When we got back from the meeting one of my coworkers exclaimed disappointment that the announcement came so soon because she thought I should take his job, and that made me feel a little encouraged. When I agreed (about the disappointment and my own interest in the job) she became even more enthusiastic, telling me that I should apply anyway. I don't know if I will. As I sit here I keep thinking that I could sit down and talk to my boss about it, ask him what I could learn in the next six months that would make me more qualified, and then take the chance, but I'm not sure. Too much stretching or whatever.
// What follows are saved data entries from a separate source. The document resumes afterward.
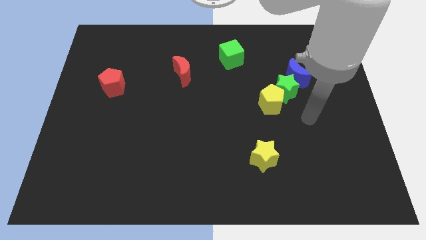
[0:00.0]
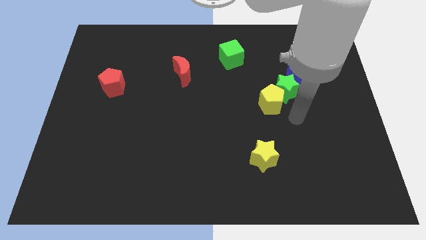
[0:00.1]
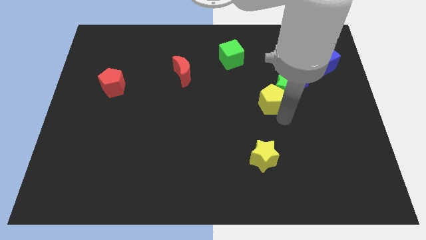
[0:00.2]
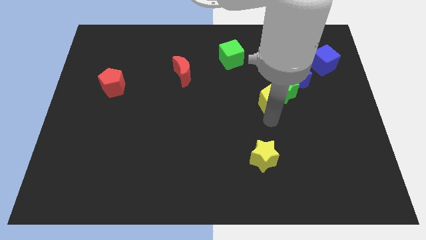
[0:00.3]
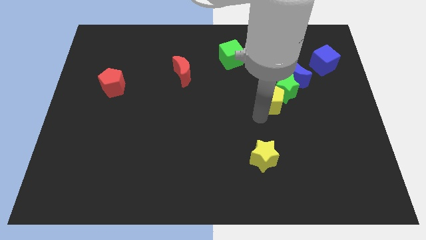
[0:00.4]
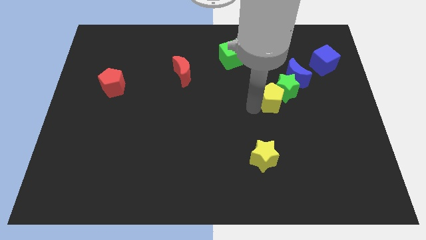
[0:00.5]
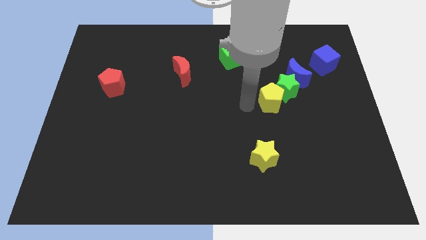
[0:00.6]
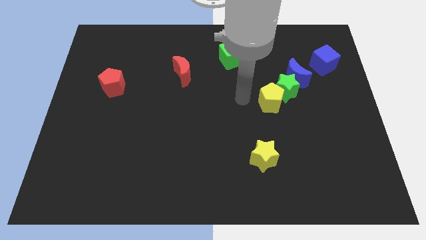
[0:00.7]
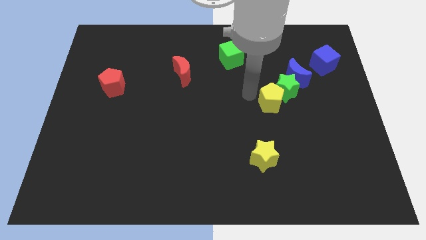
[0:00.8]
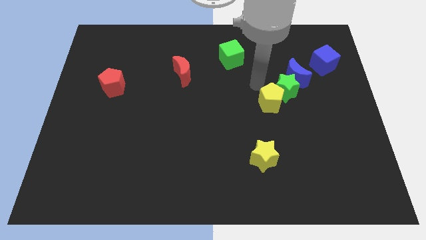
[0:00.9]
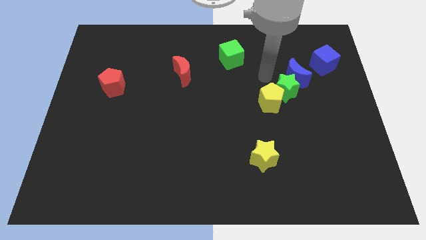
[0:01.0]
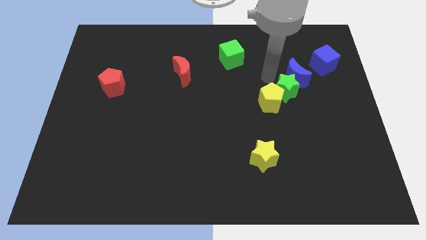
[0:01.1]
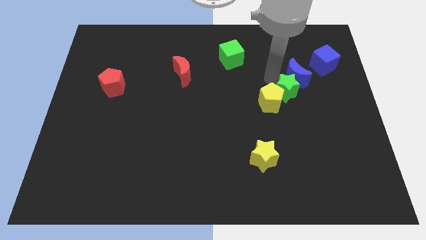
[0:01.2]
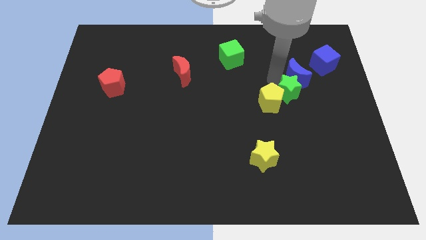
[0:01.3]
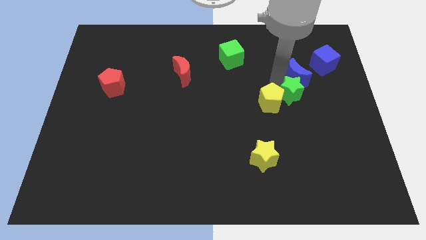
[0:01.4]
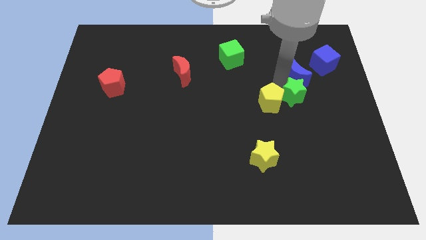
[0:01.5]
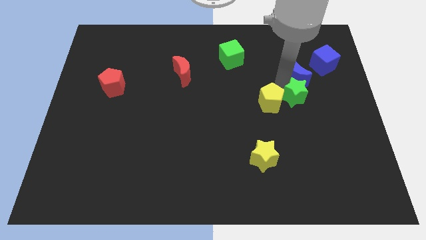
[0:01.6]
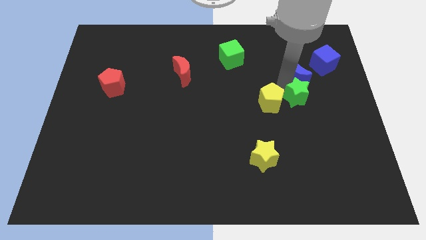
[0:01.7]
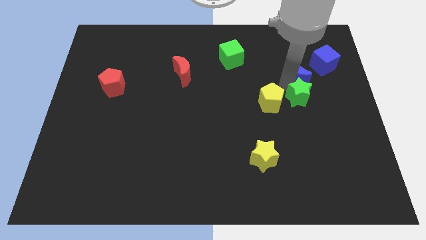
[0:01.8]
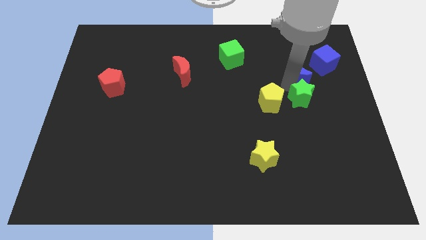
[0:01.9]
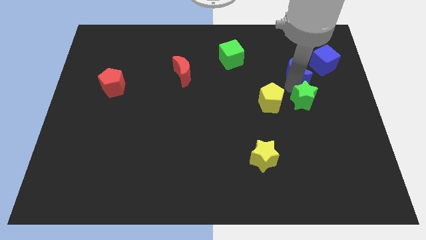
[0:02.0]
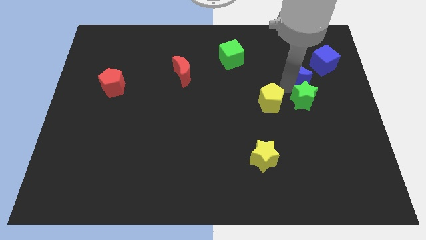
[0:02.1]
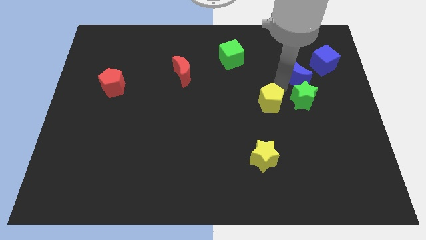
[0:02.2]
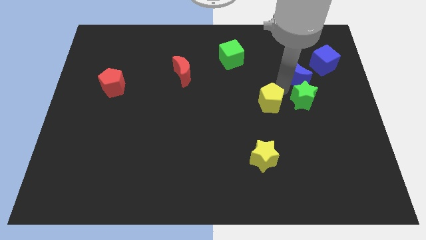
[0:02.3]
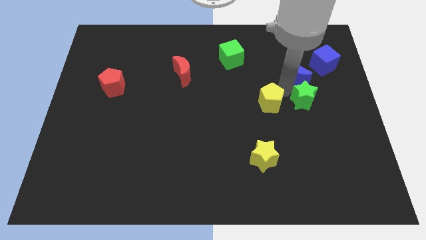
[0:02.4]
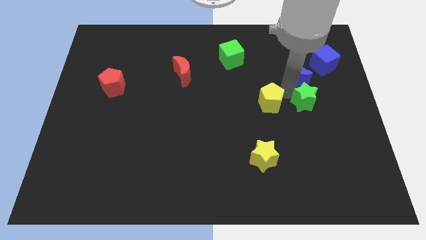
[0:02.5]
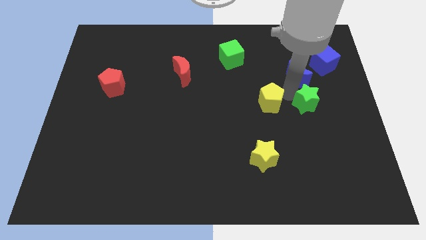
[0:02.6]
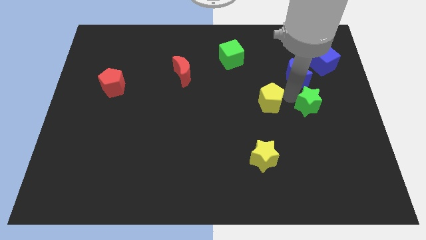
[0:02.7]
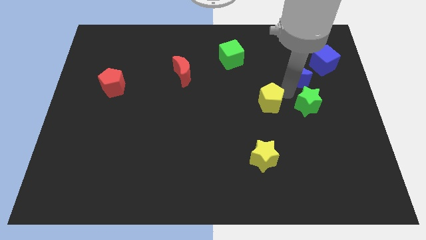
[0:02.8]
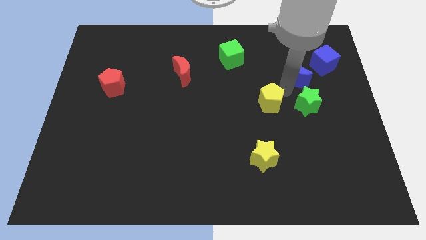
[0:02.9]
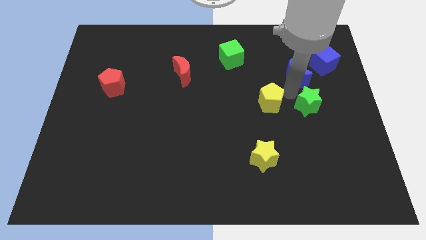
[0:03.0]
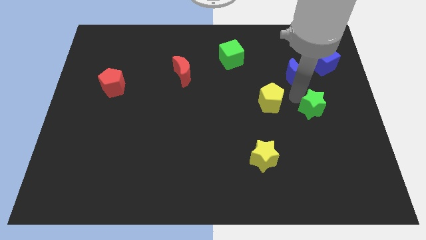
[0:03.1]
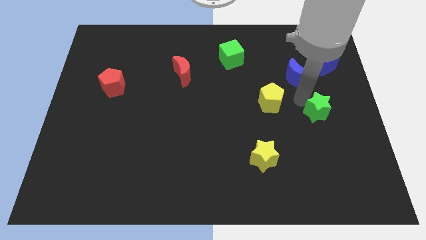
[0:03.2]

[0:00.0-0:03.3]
move the green star away from the blue moon and yellow pentagon

People who love me (or even who just like me, like my coworker) are going to encourage me to apply, knowing how something like this would make me happy, knowing how something like this would be such a coup for me. And really, I suppose there's no reason not to apply...except that they might well laugh me back to my cubicle...or at the very least laugh in secret to each other about my overblown estimation of myself. I remember when I applied for my current job and how sometimes I would feel like there was maybe a good change they'd hire me because of my extensive knowledge of our very unique and complicated data and how other times I'd feel like my knowledge paled in comparison to my lack of programming knowledge and that there was no chance in hell they'd hire me. That's how I feel right now, except way, way, way more on the lack side.
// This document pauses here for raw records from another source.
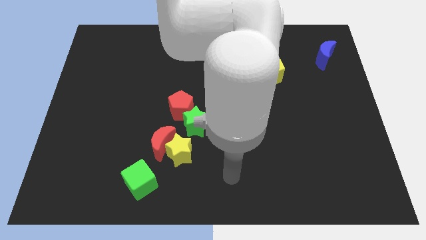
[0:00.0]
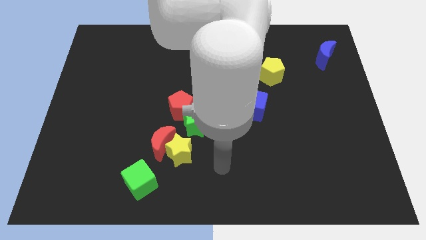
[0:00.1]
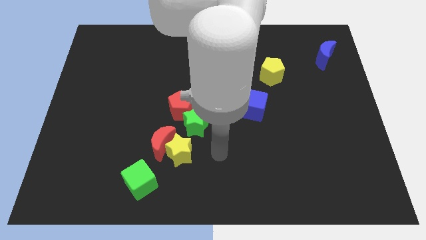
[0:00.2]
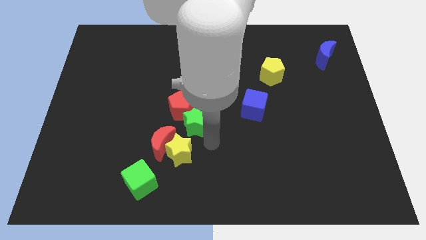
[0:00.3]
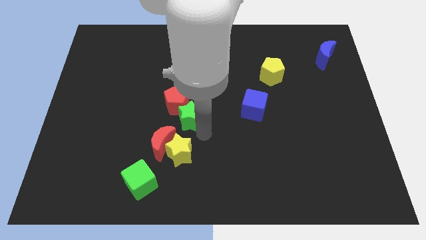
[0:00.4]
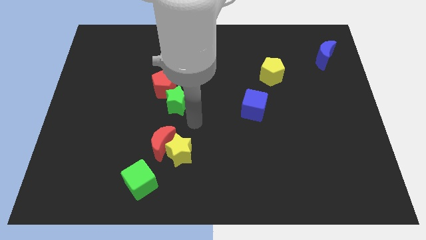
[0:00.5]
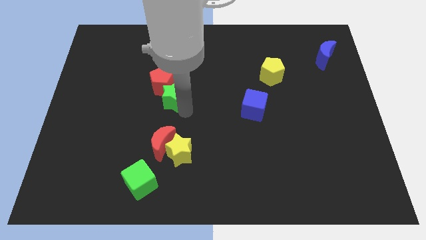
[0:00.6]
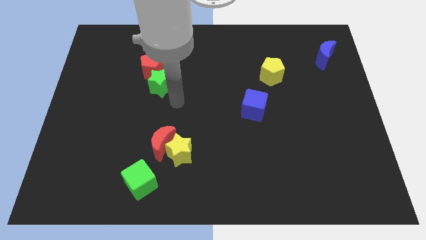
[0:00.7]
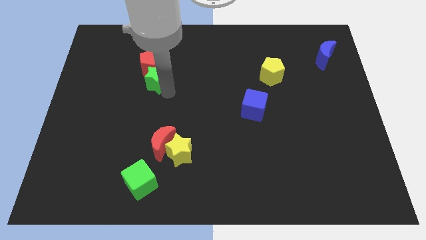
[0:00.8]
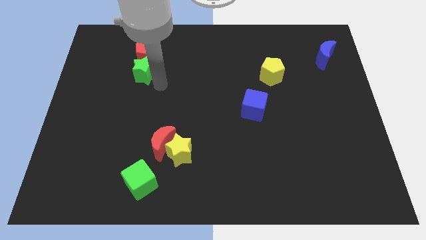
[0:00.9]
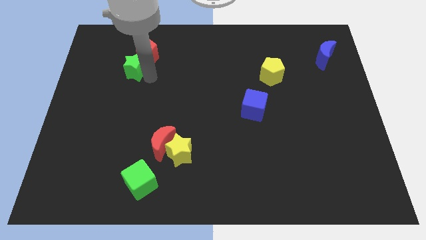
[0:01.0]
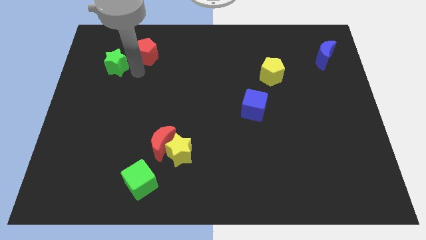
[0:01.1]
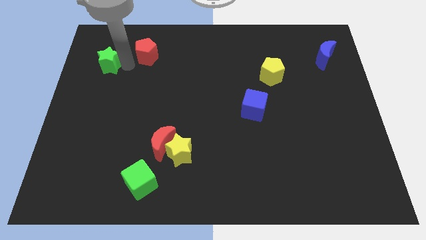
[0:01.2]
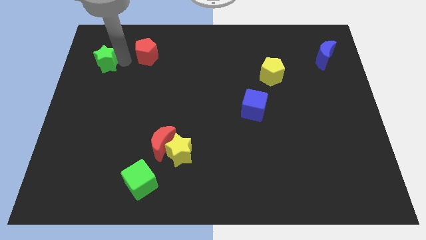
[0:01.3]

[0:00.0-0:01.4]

I'm a climber, I can't help it. I'm ambitious and I am always planning for the next step. I doubt I was in my current job for a day before I started thinking about where I'd go next and how that might work out. I really kind of expected that my boss would leave in a couple years and I'd step into his position. Or, after, say, four years in my current position, I'd move on to get a private sector techie job and see what it's like to make a lot of money for once (and, considering how very saturated this area is with well qualified techie folks, I'd likely consider moving away too, so that my qualifications might not seem so bottom of the techie barrel). But I preferred the first option, staying where I am, gaining in responsibility, doing work for an organization that's doing work I think is important.

For now it's all neither here nor there, I suppose. I think I will talk to my boss though...although I'm not sure what I'll say.